You can find turmeric in powder culinary spice form and in its whole root form, as well as in tincture, tablets, and capsules. "A good starting dose for its anti-inflammatory benefits is 400 to 600 mg of standardized powder or curcumin turmeric extract three times a day as tolerated," Dr. Gandhi said. "Cut-root dose is 1.5g-3g per day, dried powdered root 1g-3g per day, and tincture (1:2) 15-30 drops up to four times per day, as mentioned by University of Maryland Medical Center."

When taking it for GI issues, you need to find a formula with black pepper or piperine in it, because it is better absorbed. The black pepper stops the turmeric from breaking down as quickly, which keeps it in your system longer.

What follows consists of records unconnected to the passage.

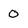
Character: 0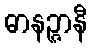
ဓာနဉ္ဇာနီ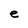
Character: e

When taking it for any autoimmune issues, you can take the turmeric by itself.

Caution with turmeric should be noted since it can act as a blood thinner and should be avoided before surgery. It can also cause GI upset in some patients and can reduce blood sugars in diabetic patients. "It can increase gallbladder contraction, which is not a good idea for patients suffering with gallstones. I discourage my patients trying to conceive [from taking] it since it can actually act as contraception and advise my nursing and pregnant mothers to use it with caution since it may stimulate uterine contractions," said Dr. Gandhi, who encourages patients to cook with it daily for anti-inflammatory effects, but encourages a supplement if looking for a higher dosage.

"Cooking with spices is perfect, but you need a higher dose if you're targeting a specific ailment. I am a big fan of turmeric golden milk latte, as well as turmeric ginger teas," Dr. Gandhi said. You can also try an iced golden milk latte.

But that's not the only option out there; in fact, the options are endless. "I prefer turmeric used fresh," said Ariane Resnick, author, certified nutritionist, and celebrity chef. "I like it best as a tea made exactly as you would ginger (slice then boil in water), sipped throughout the day. This method has helped so many people with chronic pain who I've worked with. You can make the tea as a concentrate then add just a tablespoon or two to each glass of water you drink. In this manner, one root will last up to several days," she said.

Whether we are using it in our lattes or teas, or using it as an addition to our curries and soups, it seems turmeric is something we should be stocking up on fast this Winter season.